▶ Work order
Using the listing below, say how many lines have the string "full" in them, giving the number alone.
————
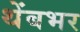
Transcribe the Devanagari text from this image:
थेंबभर
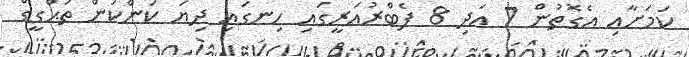
ކަމަށާއި އެގޮތުން 7 އަދި 8 ފެބްރުއަރީގައި ހިނގައި ދިޔަ ކަންކަން ތަޙްގީގް
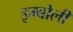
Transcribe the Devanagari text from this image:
इम्बोली
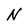
Character: N
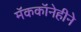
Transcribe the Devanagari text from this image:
मॅककॉनेहीने
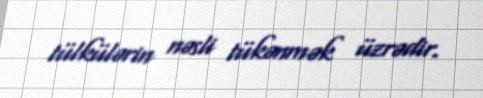
tülkülərin nəsli tükənmək üzrədir.
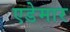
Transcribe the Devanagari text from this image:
एडेमार
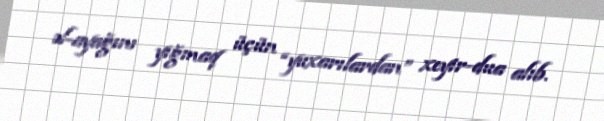
əl-ayağını yığmaq üçün “yuxarılardan” xeyir-dua alıb.
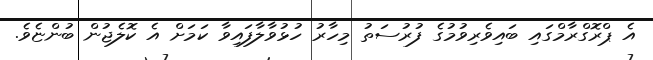
އެ ޕްރޮގްރާމްގައި ބައިވެރިވުމުގެ ފުރުސަތު މިހާރު ހުޅުވާލާފައިވާ ކަމަށް އެ ކޮލެޖުން ބުންޏެވެ.
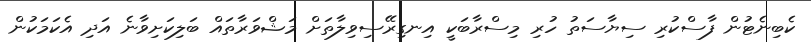
ކެބިނެޓުން ފާސްކުރި ސިޔާސަތު ހުރި މިސްރާބަކީ އިނގިރޭސިވިލާތަށް މަޝްވަރާތައް ބަލިކަށިވާނެ އަދި އެކަމަކުން
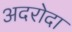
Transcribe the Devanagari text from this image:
अदरोदा
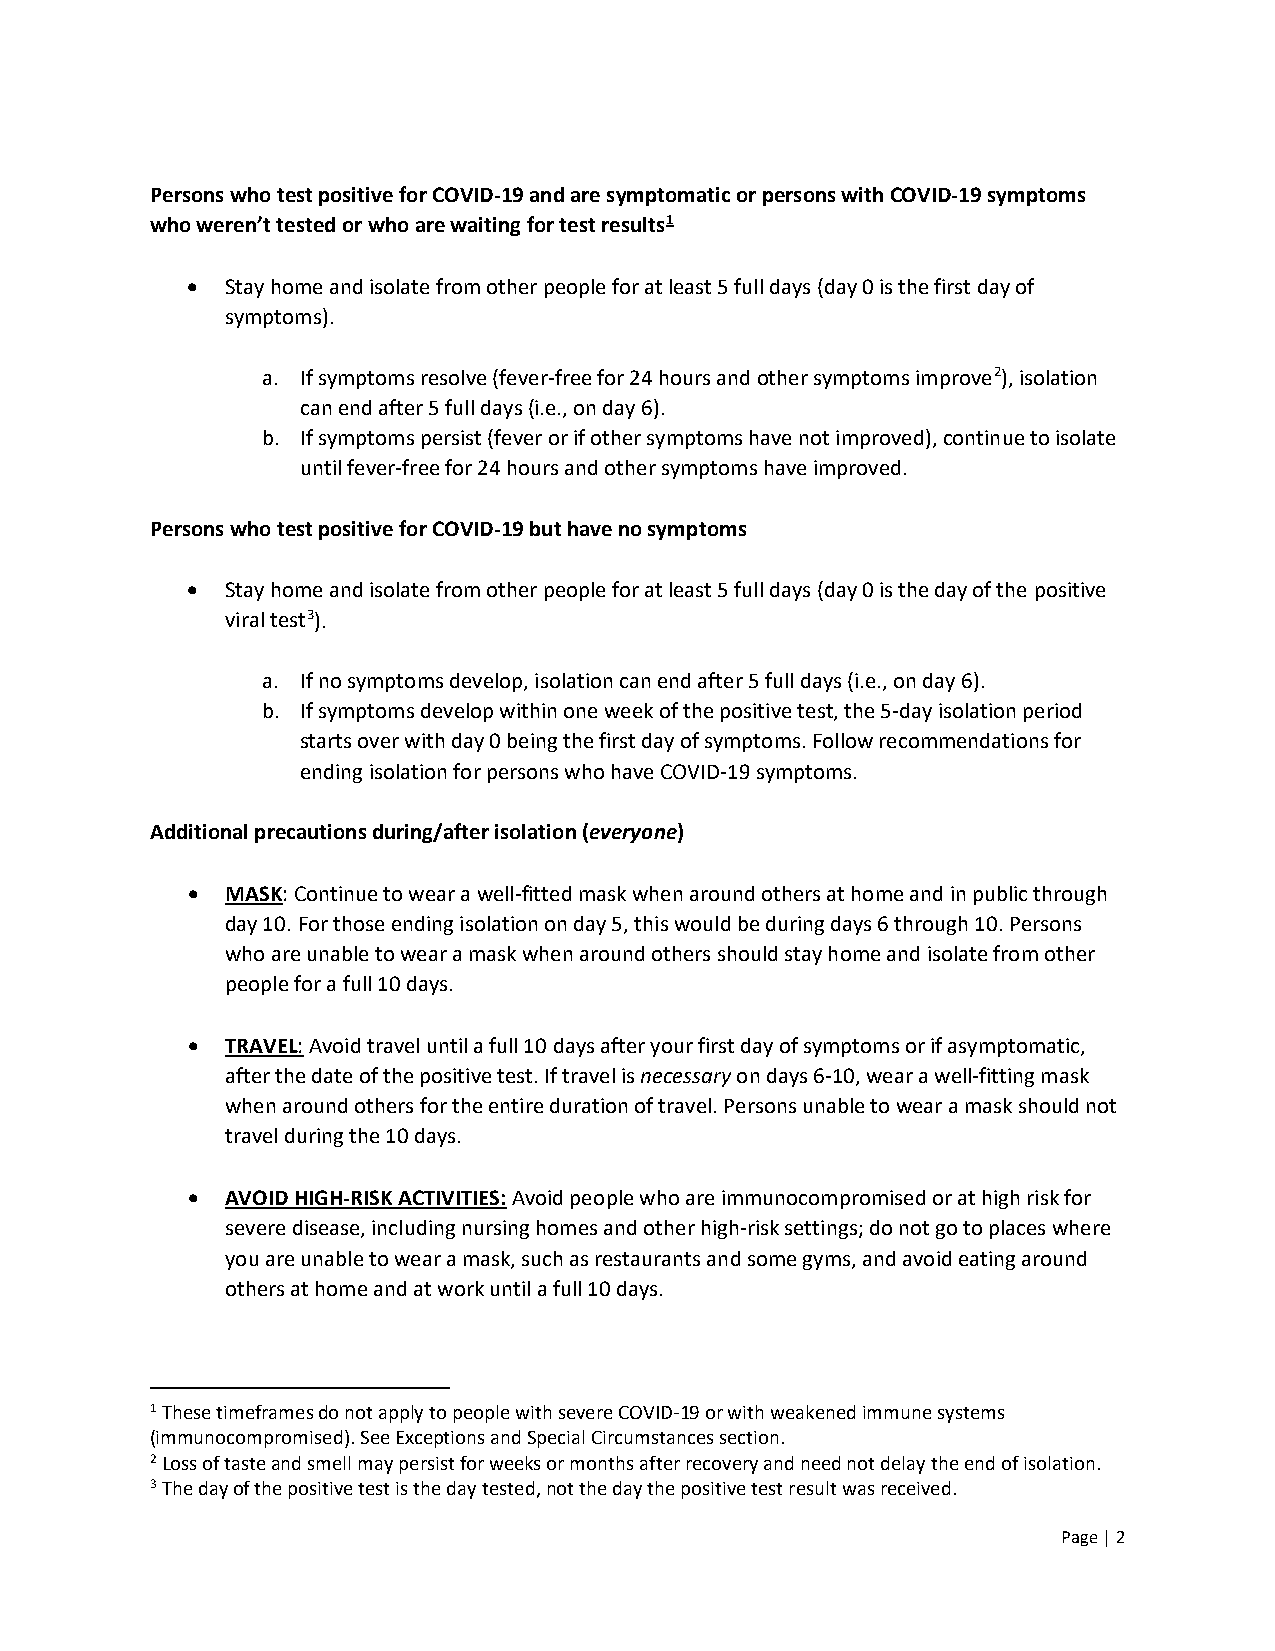
Persons who test positive for COVID-19 and are symptomatic or persons with COVID-19 symptoms
 who weren’t tested or who are waiting for test results1
 •  Stay home and isolate from other people for at least 5 full days (day 0 is the first day of
 symptoms).
 a. If symptoms resolve (fever-free for 24 hours and other symptoms improve2), isolation
 can end after 5 full days (i.e., on day 6).
 b. If symptoms persist (fever or if other symptoms have not improved), continue to isolate
 until fever-free for 24 hours and other symptoms have improved.
 Persons who test positive for COVID-19 but have no symptoms
 •  Stay home and isolate from other people for at least 5 full days (day 0 is the day of the positive
 viral test3).
 a. If no symptoms develop, isolation can end after 5 full days (i.e., on day 6).
 b. If symptoms develop within one week of the positive test, the 5-day isolation period
 starts over with day 0 being the first day of symptoms. Follow recommendations for
 ending isolation for persons who have COVID-19 symptoms.
 Additional precautions during/after isolation (everyone)
 •  MASK: Continue to wear a well-fitted mask when around others at home and in public through
 day 10. For those ending isolation on day 5, this would be during days 6 through 10. Persons
 who are unable to wear a mask when around others should stay home and isolate from other
 people for a full 10 days.
 •  TRAVEL: Avoid travel until a full 10 days after your first day of symptoms or if asymptomatic,
 after the date of the positive test. If travel is necessary on days 6-10, wear a well-fitting mask
 when around others for the entire duration of travel. Persons unable to wear a mask should not
 travel during the 10 days.
 •  AVOID HIGH-RISK ACTIVITIES: Avoid people who are immunocompromised or at high risk for
 severe disease, including nursing homes and other high-risk settings; do not go to places where
 you are unable to wear a mask, such as restaurants and some gyms, and avoid eating around
 others at home and at work until a full 10 days.
 1 These timeframes do not apply to people with severe COVID-19 or with weakened immune systems
 (immunocompromised). See Exceptions and Special Circumstances section.
 2 Loss of taste and smell may persist for weeks or months after recovery and need not delay the end of isolation.
 3 The day of the positive test is the day tested, not the day the positive test result was received.
 Page | 2
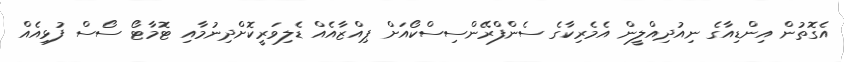
އެގޮތުން އިންޑިއާގެ ނިއުދިއްލީން އެމެރިކާގެ ސެންފްރޭންސިސްކޯއަށް ޕިއްޒާއެއް ޑެލިވަރީކޮށްދިނުމާއި ޓޮމާޓޯ ސޯސް ފުޅިއެއް
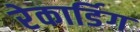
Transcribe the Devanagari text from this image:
रेकार्डिग
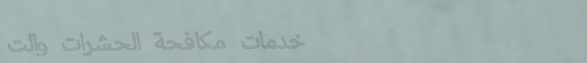
خدمات مكافحة الحشرات والت
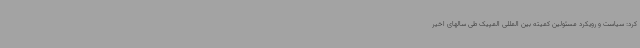
کرد: سیاست و رویکرد مسئولین کمیته بین المللی المپیک طی سالهای اخیر
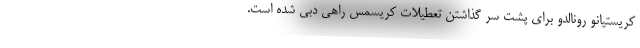
کریستیانو رونالدو برای پشت سر گذاشتن تعطیلات کریسمس راهی دبی شده است.
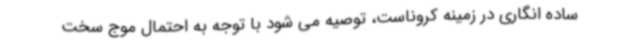
ساده انگاری در زمینه کروناست، توصیه می شود با توجه به احتمال موج سخت
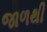
જાળથી
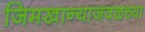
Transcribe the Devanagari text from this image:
जिमखान्याजवळच्या
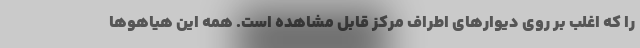
را که اغلب بر روی دیوارهای اطراف مرکز قابل مشاهده است. همه این هیاهوها
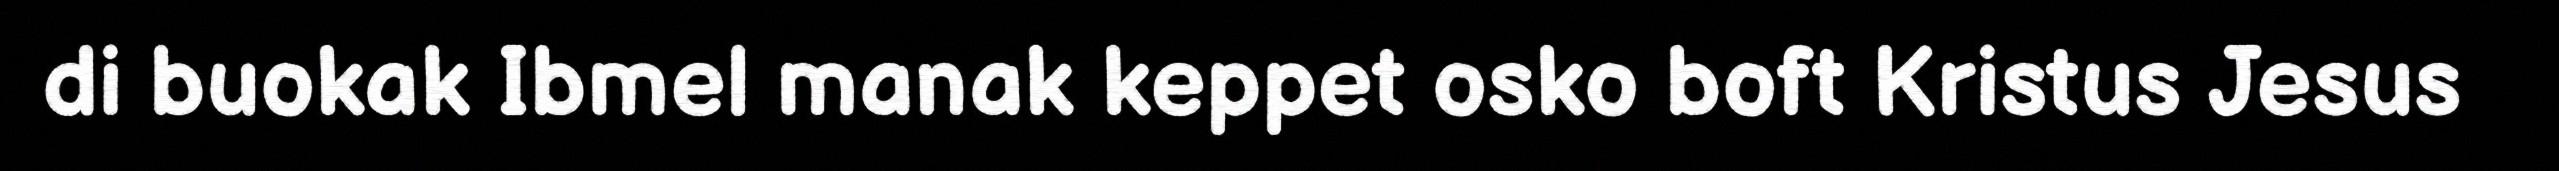
di buokak Ibmel manak keppet osko boft Kristus Jesus
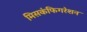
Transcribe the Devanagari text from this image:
मिसकंफिगरेशन
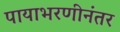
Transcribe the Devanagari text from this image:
पायाभरणीनंतर
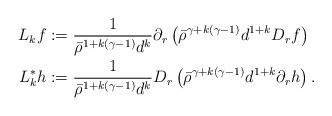
LaTeX: \begin{align*}L_k f &:=\frac{1}{\bar{\rho}^{1+k(\gamma-1)} d^k} \partial_r \left( \bar{\rho}^{\gamma+k(\gamma-1)} d^{1+k} D_r f \right) \\L_k^* h &:= \frac{1}{\bar{\rho}^{1+k(\gamma-1)} d^k} D_r \left( \bar{\rho}^{\gamma+k(\gamma-1)} d^{1+k} \partial_r h \right). \end{align*}
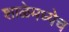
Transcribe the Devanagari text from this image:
शाळेमध्येच
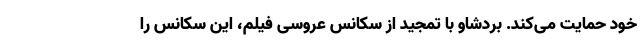
خود حمایت می‌کند. بردشاو با تمجید از سکانس عروسی فیلم، این سکانس را
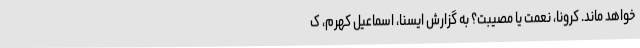
خواهد ماند. کرونا، نعمت یا مصیبت؟ به گزارش ایسنا، اسماعیل کهرم، ک
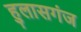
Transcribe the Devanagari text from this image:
हुलासगंज
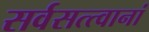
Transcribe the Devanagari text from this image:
सर्वसत्त्वानां
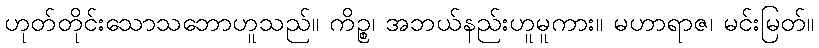
ဟုတ်တိုင်းသောသဘောဟူသည်။ ကိဉ္စ၊ အဘယ်နည်းဟူမူကား။ မဟာရာဇ၊ မင်းမြတ်။
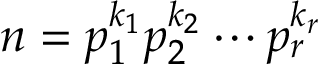
n = p _ { 1 } ^ { k _ { 1 } } p _ { 2 } ^ { k _ { 2 } } \cdots p _ { r } ^ { k _ { r } }
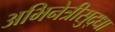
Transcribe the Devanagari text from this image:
अभिनेत्रीसुद्धा
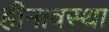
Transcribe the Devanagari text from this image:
हीनावस्था
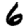
Digit: 6
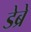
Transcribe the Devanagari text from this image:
डेब्रे
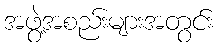
အဖွဲ့အစည်းများအတွင်း
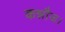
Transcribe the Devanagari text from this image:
कन्नौज।
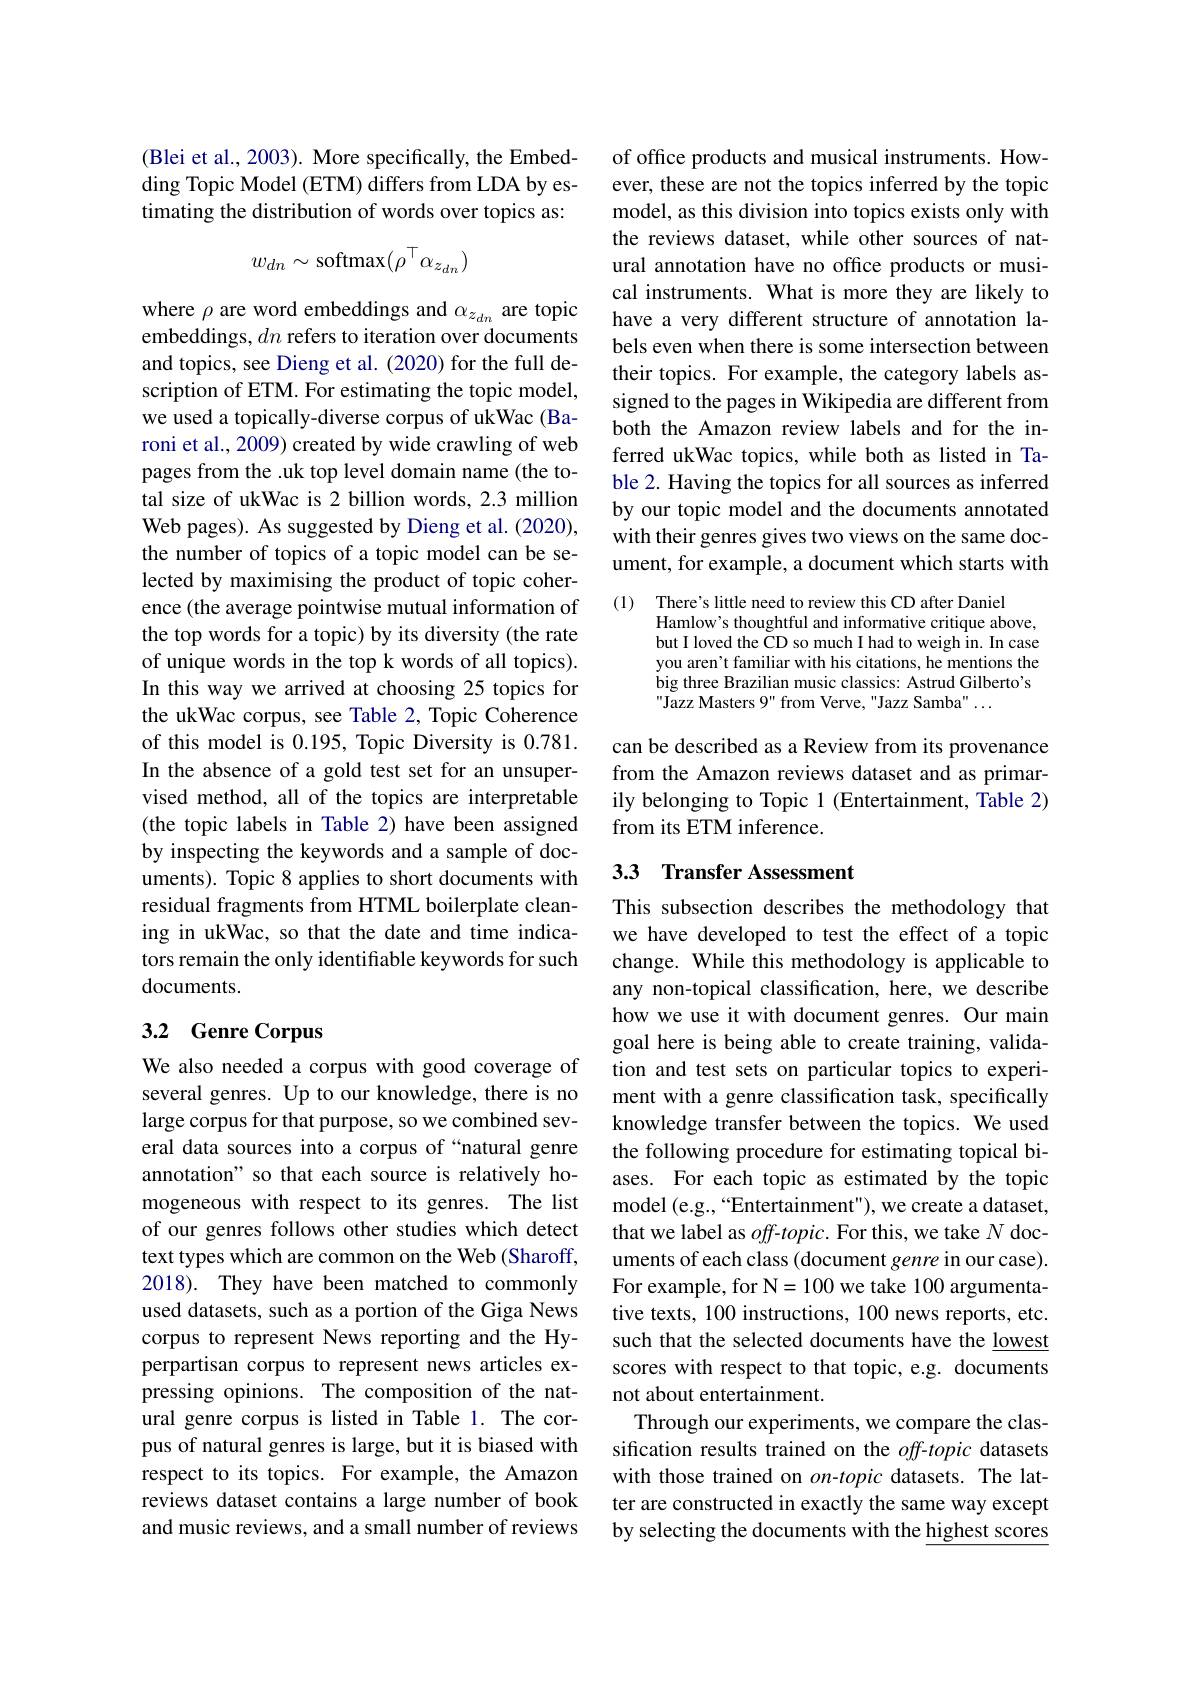
(Blei et al., 2003). More specifically, the Embedding Topic Model (ETM) differs from LDA by estimating the distribution of words over topics as:
$$w_{dn}\sim\mathrm{softmax}(\rho^{\top}\alpha_{z_{dn}})$$
where $\rho$ are word embeddings and $\alpha_z_{dn}$ are topic embeddings, $dn$ refers to iteration over documents and topics, see Dieng et al. (2020) for the full description of ETM. For estimating the topic model, we used a topically-diverse corpus of ukWac (Baroni et al., 2009) created by wide crawling of web pages from the .uk top level domain name (the total size of ukWac is 2 billion words, 2.3 million Web pages). As suggested by Dieng et al. (2020), the number of topics of a topic model can be selected by maximising the product of topic coherence (the average pointwise mutual information of the top words for a topic) by its diversity (the rate of unique words in the top k words of all topics). In this way we arrived at choosing 25 topics for the ukWac corpus, see Table 2, Topic Coherence of this model is 0.195, Topic Diversity is 0.781. In the absence of a gold test set for an unsupervised method, all of the topics are interpretable (the topic labels in Table 2) have been assigned by inspecting the keywords and a sample of documents). Topic 8 applies to short documents with residual fragments from HTML boilerplate cleaning in ukWac, so that the date and time indicators remain the only identifiable keywords for such documents.

## 3.2 Genre Corpus

We also needed a corpus with good coverage of several genres. Up to our knowledge, there is no large corpus for that purpose, so we combined several data sources into a corpus of “natural genre annotation" so that each source is relatively homogeneous with respect to its genres. The list of our genres follows other studies which detect text types which are common on the Web (Sharoff, 2018). They have been matched to commonly used datasets, such as a portion of the Giga News corpus to represent News reporting and the Hyperpartisan corpus to represent news articles expressing opinions. The composition of the natural genre corpus is listed in Table 1. The corpus of natural genres is large, but it is biased with respect to its topics. For example, the Amazon reviews dataset contains a large number of book and music reviews, and a small number of reviews

of office products and musical instruments. However, these are not the topics inferred by the topic model, as this division into topics exists only with the reviews dataset, while other sources of natural annotation have no office products or musical instruments. What is more they are likely to have a very different structure of annotation labels even when there is some intersection between their topics. For example, the category labels assigned to the pages in Wikipedia are different from both the Amazon review labels and for the inferred ukWac topics, while both as listed in Table 2. Having the topics for all sources as inferred by our topic model and the documents annotated with their genres gives two views on the same document, for example, a document which starts with

(1) There's little need to review this CD after Daniel
Hamlow's thoughtful and informative critique above, but I loved the CD so much I had to weigh in. In case you aren't familiar with his citations, he mentions the big three Brazilian music classics: Astrud Gilberto's Jazz Masters 9" from Verve, "Jazz Samba" ...

can be described as a Review from its provenance from the Amazon reviews dataset and as primarily belonging to Topic 1 (Entertainment, Table 2) from its ETM inference.

# 3.3 Transfer Assessment

This subsection describes the methodology that we have developed to test the effect of a topic change. While this methodology is applicable to any non-topical classification, here, we describe how we use it with document genres. Our main goal here is being able to create training, validation and test sets on particular topics to experiment with a genre classification task, specifically knowledge transfer between the topics. We used the following procedure for estimating topical biases. For each topic as estimated by the topic model (e.g.,“Entertainment"), we create a dataset, that we label as $off-topic.$ For this, we take $N$ documents of each class (document genre in our case). For example, for N=100 we take 100 argumentative texts, 100 instructions, 100 news reports, etc. such that the selected documents have the lowest scores with respect to that topic, e.g. documents not about entertainment.
Through our experiments, we compare the classification results trained on the $off-topic$ datasets with those trained on $on$-topic datasets. The latter are constructed in exactly the same way except by selecting the documents with the highest scores
————
▶ Reply to the task
8